Mon deuxième livre – Au-delà des douleurs, guide pour les personnes vivant avec des douleurs neuropathiques – est, comme son nom l’indique, un guide pour les patients concernés. Il donne des orientations sur la gestion de la douleur, de la fatigue ou encore sur la façon dont on peut prendre de la distance avec nos douleurs.
COMMENT VIVEZ-VOUS LE FAIT D’ÊTRE À LA FOIS SOIGNANTE ET PATIENTE ?
J’ai repris mon travail à mi-temps, en salle de réveil en soins critiques, car je ressens encore beaucoup de fatigue et de douleurs. Les limites physiques sont importantes. Au sein de la clinique, nous avons mis en place une équipe douleur, dont je fais partie. Lorsque je prends en charge des patients, ils se doutent rapidement, en raison de ma façon de m’adresser à eux, que j’ai traversé les mêmes difficultés. J’ai d’ailleurs dû, à un moment, faire une pause avec ce type de prises en charge, car je n’arrivais plus à mettre de la distance par rapport à mon vécu. Aujourd’hui, cela va mieux.

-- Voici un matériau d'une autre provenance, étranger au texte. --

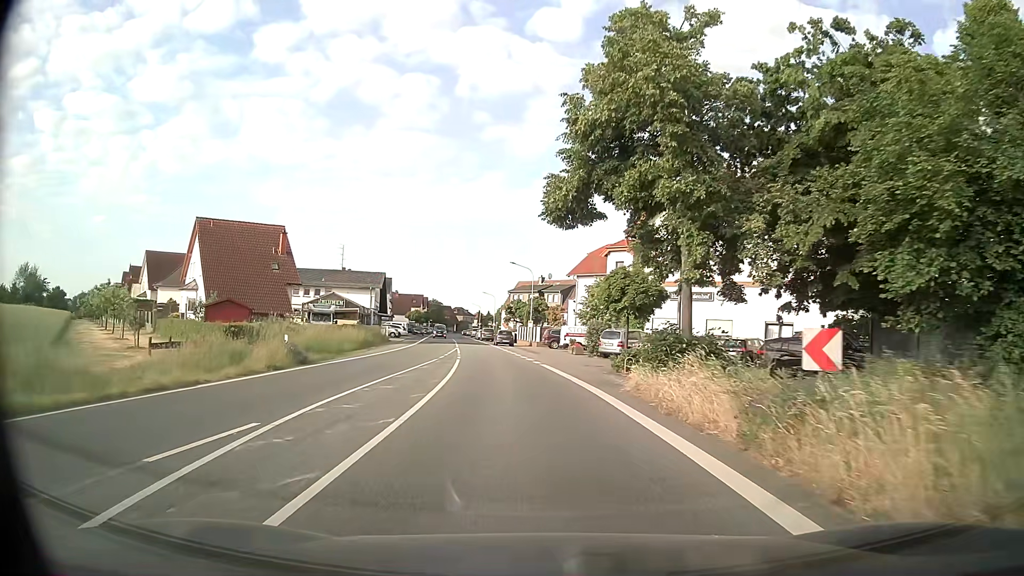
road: secondary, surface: asphalt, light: Day
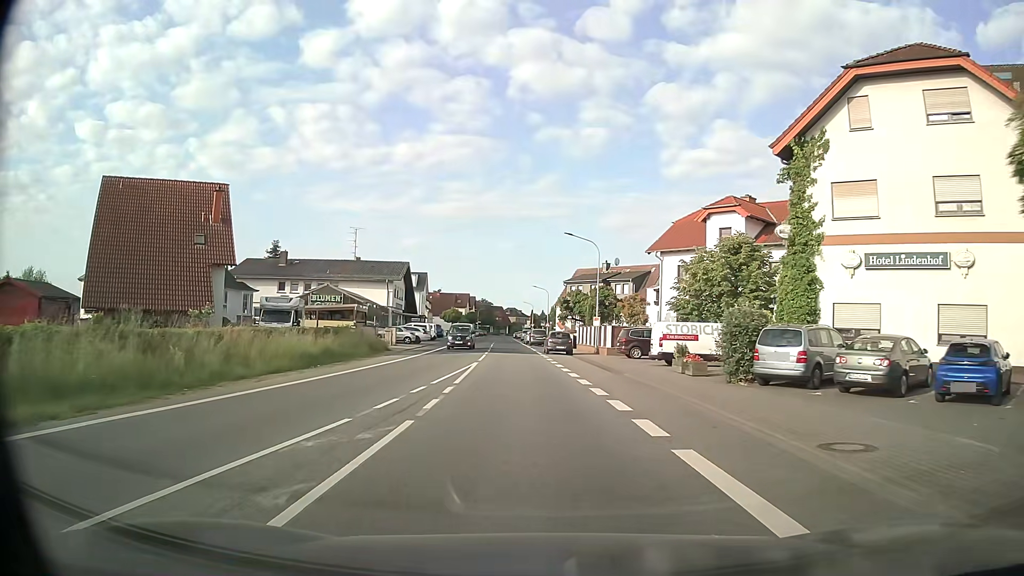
(-0.8, +20.1) m; -3°
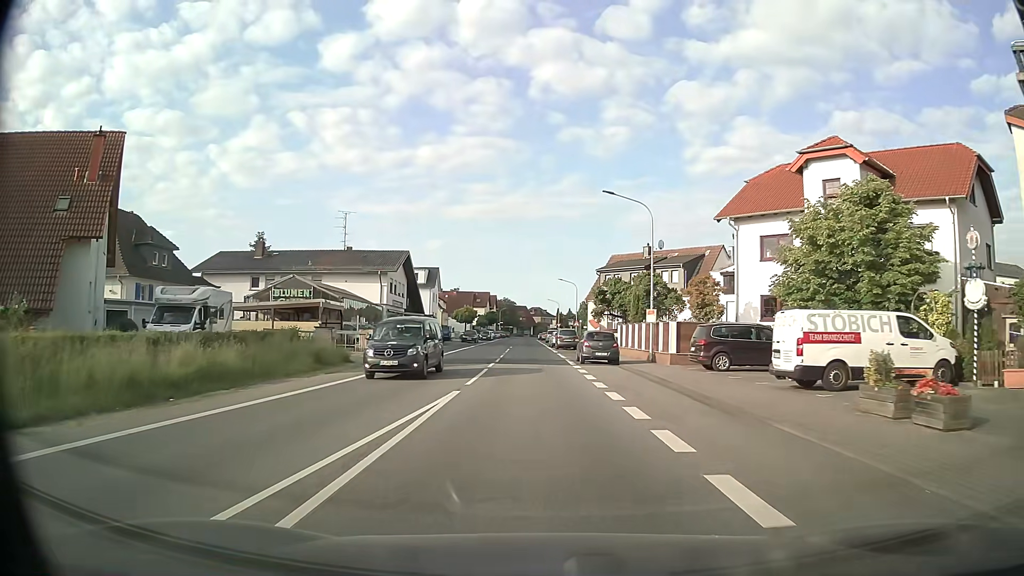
(-0.6, +13.4) m; -3°
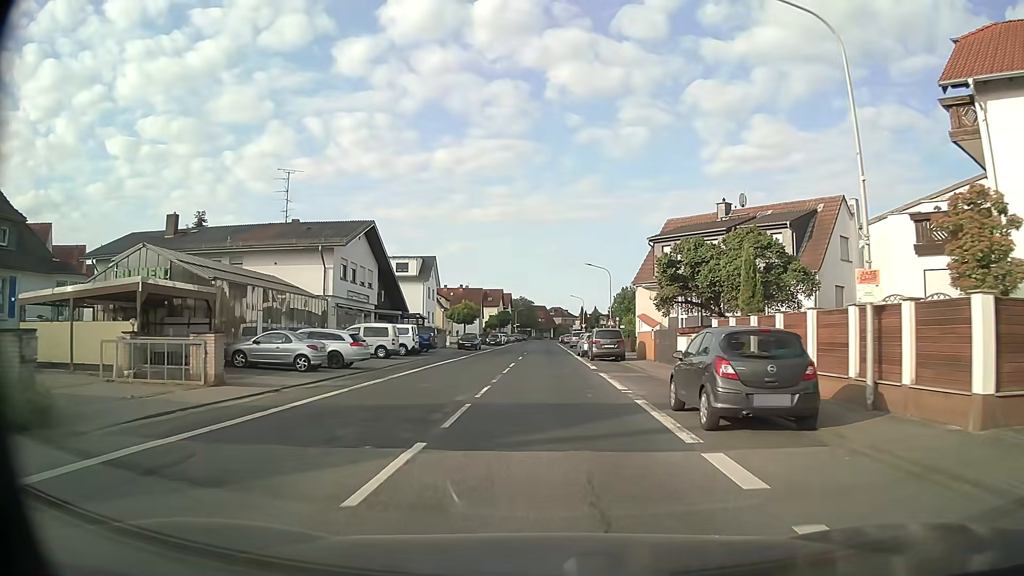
(-0.4, +20.1) m; -2°
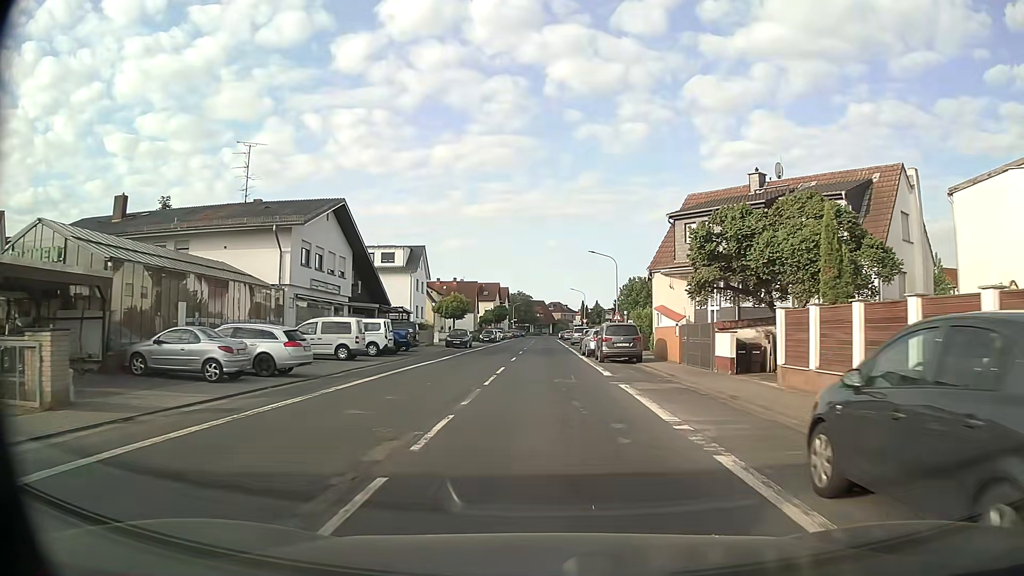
(0.0, +6.7) m; 0°
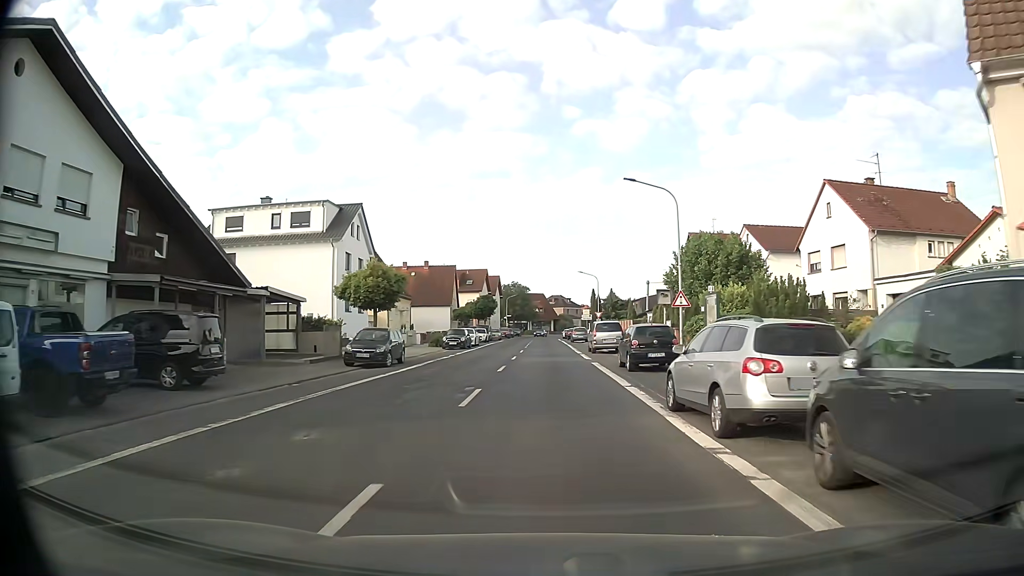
(+0.1, +26.7) m; 0°
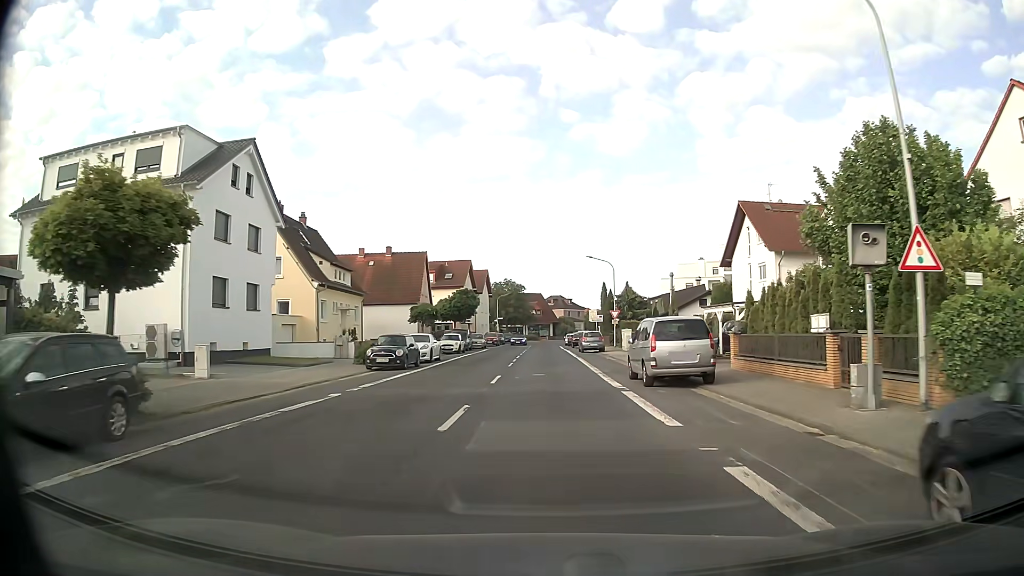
(0.0, +20.0) m; 0°
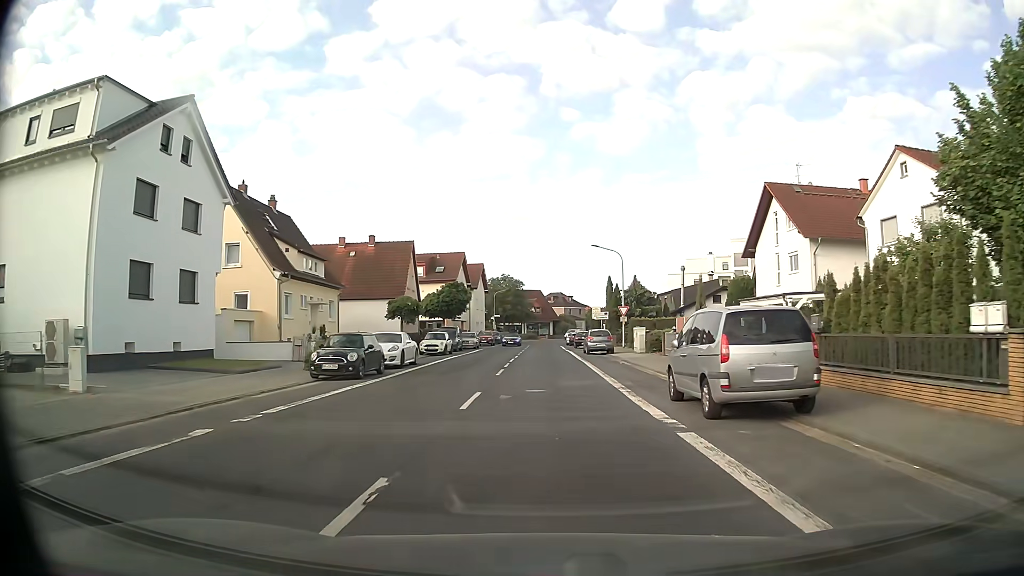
(0.0, +6.6) m; -1°

Exercer mon métier me tient vraiment à cœur, d’autant plus que mes médecins m’avaient encouragée à y renoncer. Je me suis battue pour continuer, même si c’est à mi-temps. Parfois, ce n’est pas évident de recevoir des remarques de la part de certains collègues, qui me voient arriver dans le service avec le sourire. Le fait de ne pas montrer mes douleurs les amène à penser que mon mi-temps est un choix de complaisance personnelle. Ce qu’ils ne savent pas, c’est que ma plus grande peine est de ne pas pouvoir travailler à temps plein sur des postes qui me plaisent. Je sais que ce n’est pas malveillant de leur part mais j’essaye de les sensibiliser. J’interviens d’ailleurs auprès de soignants pour témoigner sur la difficulté de vivre avec des douleurs chroniques. J’insiste sur la nécessité de toujours croire le malade car il ne ment pas sur ses souffrances.